Metropolitan Emilianos (Lazaridis) was born in 1877 in Permata, a Turkish-speaking Greek Orthodox town in the province of Iconium in Asia Minor.

He studied at the theological school in Halki and then served as a priest in both Greece and Turkey. He was distinguished for his kindness and piety.

During his time in Thessaloniki, he collaborated with the Consul Lambros Koromilas and the warrior Athanasios Souliotis in the Macedonian Struggle—a series of social, political, and military conflicts mainly fought between Greek and Bulgarian subjects of Ottoman Macedonia between 1893 and 1912.

He was later consecrated Bishop of Petra, assistant to the Metropolitan of Pelagonia.
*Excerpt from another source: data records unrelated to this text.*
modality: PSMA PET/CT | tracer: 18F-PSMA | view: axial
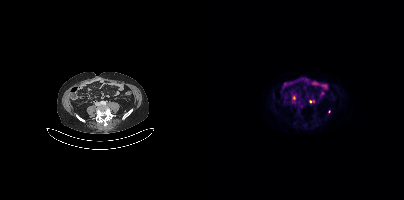
Coordinates are on the 200×200 PET (right) panel. (showing 2 of 3 foci) Small PSMA-avid foci (2 to 4 px across) near (center x, center y): (106, 101); (125, 111).
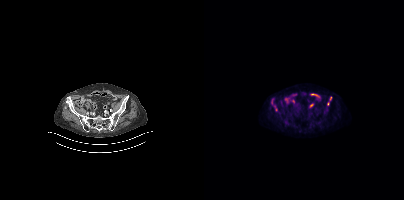
Coordinates are on the 200×200 PET (right) panel. PSMA-avid tumor lesion bounding boxes (x, y, width, height): x=69 y=105 w=5 h=6 | x=125 y=96 w=3 h=5 | x=67 y=99 w=3 h=6. Small PSMA-avid focus (2 to 4 px across) near (center x, center y): (124, 103).
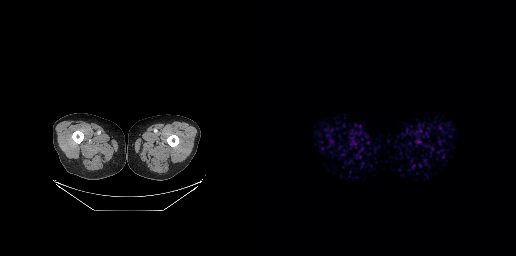
This slice has no annotated PSMA-avid lesion.
modality: PSMA PET/CT | tracer: 68Ga | view: axial
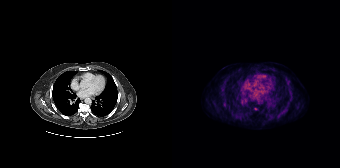
Coordinates are on the 168×168 PET (right) panel. Small PSMA-avid focus (2 to 4 px across) near (center x, center y): (83, 108). Paired axial CT (left) and PSMA PET (right), [18F]PSMA-1007 tracer. Slice position z = -842 mm.
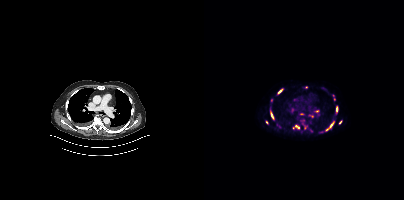
Findings: Coordinates are on the 200×200 PET (right) panel. (showing 10 of 13 foci) PSMA-avid tumor lesion bounding boxes (x, y, width, height): x=121 y=121 w=10 h=11 | x=89 y=124 w=7 h=6 | x=128 y=94 w=4 h=8 | x=132 y=106 w=3 h=8 | x=66 y=111 w=4 h=9 | x=98 y=123 w=6 h=7 | x=74 y=89 w=5 h=5 | x=135 y=120 w=3 h=5. Small PSMA-avid foci (2 to 4 px across) near (center x, center y): (62, 122) | (108, 116).
- Two-panel axial: CT | PSMA PET, 18F tracer
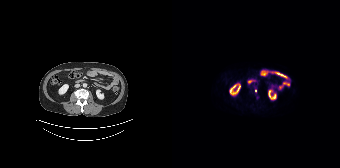
Left: CT. Right: PSMA PET, same axial level, 18F tracer. PET panel 168×168 px (4.1 mm/px). Coordinates are on the 168×168 PET (right) panel. Small PSMA-avid focus (2 to 4 px across) near (center x, center y): (83, 90).
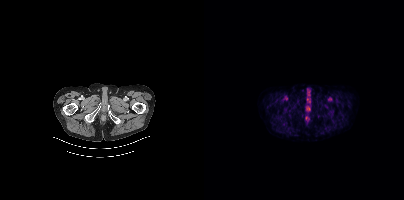
modality: PSMA PET/CT | tracer: 18F-PSMA | view: axial | PET grid: 200×200
No tumor lesions annotated on this slice.
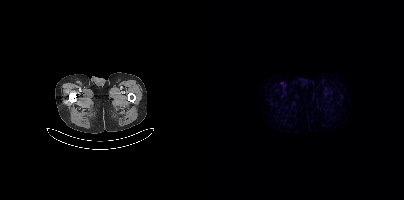
Left: CT. Right: PSMA PET, same axial level, 18F-PSMA tracer. PET panel 200×200 px (4.1 mm/px). No PSMA-avid tumor lesions on this slice.
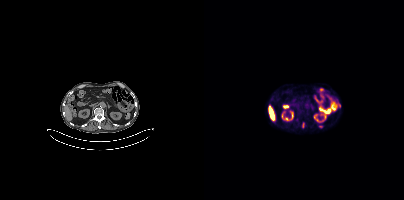
- Paired axial CT (left) and PSMA PET (right), 18F-PSMA tracer
Findings: Coordinates are on the 200×200 PET (right) panel. (showing 3 of 4 foci) PSMA-avid tumor lesion bounding box (x0, y0)-(x1, y1): (98, 123)-(100, 127). Small PSMA-avid foci (2 to 4 px across) near (center x, center y): (116, 126) / (135, 103).
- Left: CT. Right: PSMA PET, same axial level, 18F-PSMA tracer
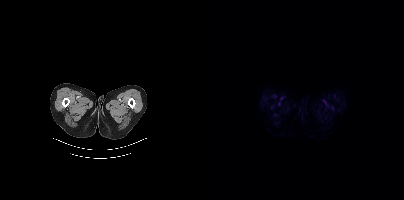
Findings: No PSMA-avid tumor lesions on this slice.
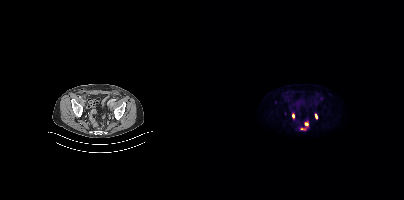
Paired axial CT (left) and PSMA PET (right), 18F tracer. Acquired on Siemens Biograph mCT Flow 20. PET panel 200×200 px (4.1 mm/px).
Coordinates are on the 200×200 PET (right) panel. PSMA-avid tumor lesion bounding boxes:
| # | x0 | y0 | x1 | y1 |
|---|---|---|---|---|
| 1 | 100 | 121 | 104 | 126 |
| 2 | 88 | 113 | 90 | 118 |
| 3 | 111 | 114 | 113 | 118 |
| 4 | 97 | 128 | 101 | 129 |
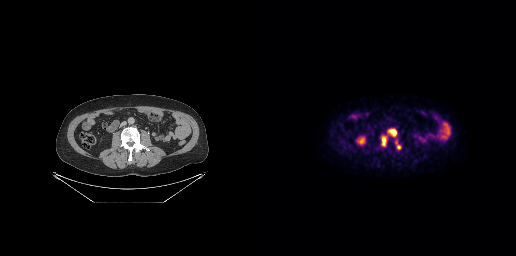
{"modality":"PSMA PET/CT","view":"axial","tracer":"[18F]PSMA-1007","pet_grid":[256,256],"coord_frame":"pet_panel","coord_format":"x0,y0,x1,y1","lesion_bboxes":[[127,128,137,137],[121,135,127,146],[135,140,141,149]]}
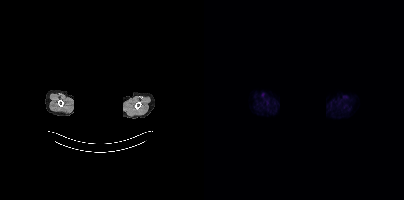
deidentification: face masked with black rectangle | modality: PSMA PET/CT | tracer: 18F | view: axial
No tumor lesions annotated on this slice.
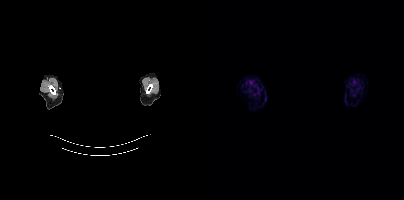
An anonymization step blacked out a rectangle over the head in this scan.
No PSMA-avid tumor lesions on this slice.
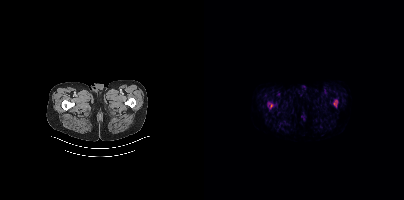
modality: PSMA PET/CT | tracer: 18F | view: axial | PET grid: 200×200
Coordinates are on the 200×200 PET (right) panel. PSMA-avid tumor lesion bounding boxes (x0,y0,x1,y1): [64,102,69,108]; [130,100,133,106].
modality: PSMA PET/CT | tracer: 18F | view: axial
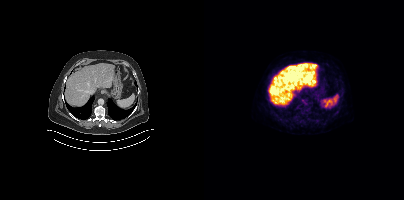
Coordinates are on the 200×200 PET (right) panel. Small PSMA-avid focus (2 to 4 px across) near (center x, center y): (136, 96).
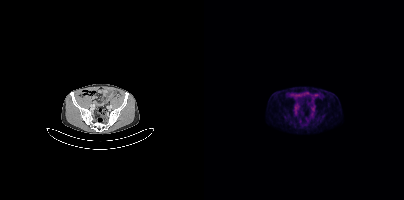
Coordinates are on the 200×200 PET (right) panel. PSMA-avid tumor lesion bounding box (x0,y0,x1,y1): [90,106,94,110]. Small PSMA-avid focus (2 to 4 px across) near (center x, center y): (108, 109).
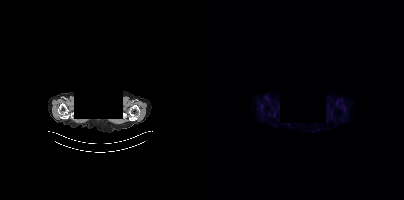
Technique: Paired axial CT (left) and PSMA PET (right), [18F]PSMA-1007 tracer. PET panel 200×200 px (4.1 mm/px).
Note: Privacy masking over the head, with the pixels inside a rectangle set to black.
Findings: This slice has no annotated PSMA-avid lesion.
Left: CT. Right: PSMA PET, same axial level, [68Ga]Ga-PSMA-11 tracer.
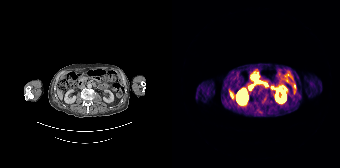
This slice has no annotated PSMA-avid lesion.
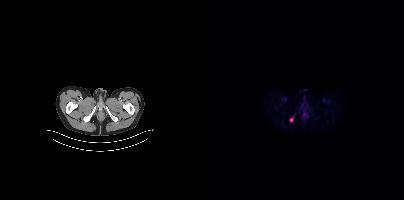
Findings: Coordinates are on the 200×200 PET (right) panel. Small PSMA-avid focus (2 to 4 px across) near (center x, center y): (87, 119).
Technique: Paired axial CT (left) and PSMA PET (right), [18F]PSMA-1007 tracer. slice position z = -904 mm.
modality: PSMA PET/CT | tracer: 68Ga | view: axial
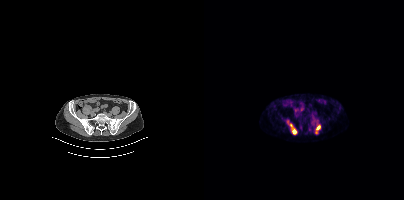
Coordinates are on the 200×200 PET (right) panel. PSMA-avid tumor lesion bounding boxes (x0, y0)-(x1, y1): (86, 124)-(93, 134) | (111, 125)-(116, 133).
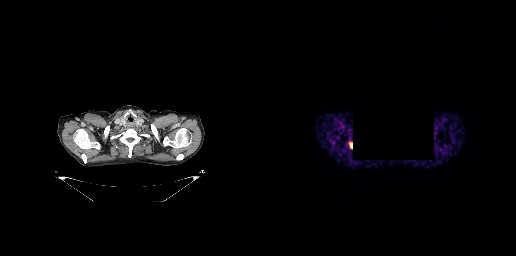
{"modality":"PSMA PET/CT","view":"axial","tracer":"68Ga","pet_grid":[256,256],"coord_frame":"pet_panel","coord_format":"x0,y0,x1,y1","lesion_bboxes":[[89,142,92,148]],"de-identification":"black rectangle is a privacy mask"}
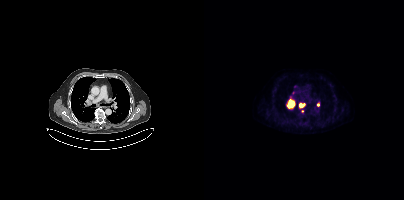
Coordinates are on the 200×200 PET (right) panel. PSMA-avid tumor lesion bounding box (x, y, width, height): x=95 y=104 w=6 h=4.
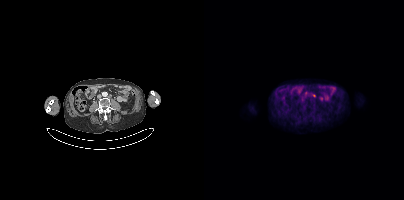
Two-panel axial: CT | PSMA PET, 18F-PSMA tracer. Slice 158 of 417. PET panel 200×200 px (4.1 mm/px). Coordinates are on the 200×200 PET (right) panel. Small PSMA-avid foci (2 to 4 px across) near (center x, center y): (98, 99); (101, 93); (110, 95).
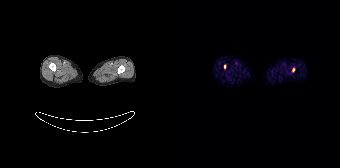
Findings: Coordinates are on the 168×168 PET (right) panel. Small PSMA-avid foci (2 to 4 px across) near (center x, center y): (121, 69) | (52, 66).
- Left: CT. Right: PSMA PET, same axial level, [68Ga]Ga-PSMA-11 tracer
- slice 8 of 165
- PET panel 168×168 px (4.1 mm/px)
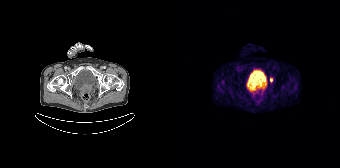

In March 1910, he was elected Metropolitan of Greneva, where he continued his struggles for Macedonian Hellenism and strengthened support for the Orthodox.

In his efforts to support his flock, he toured all the villages of the province, preaching the Gospel and encouraging the local Christians, and ensuring the building and maintenance of churches and Greek schools.

For this reason, he was targeted by the Young Turks, and on Saturday, October 1, 1911, he was murdered on his way to church in the village of Grindades, together with his deacon and his guide.

His body was found in the forest where he was murdered after five days, and he was buried on Sunday, October 8 in Greneva.

The inhabitants of Greneva honor him as a hiero-ethnomartyr. The village of Grindades was renamed Emilianos, and Shinovo to Despotis, in his honor, as he was martyred in the forest between them. A church and cenotaph were erected on the exact spot of his martyrdom, where a Liturgy and Trisagion are served on the first Saturday of every year.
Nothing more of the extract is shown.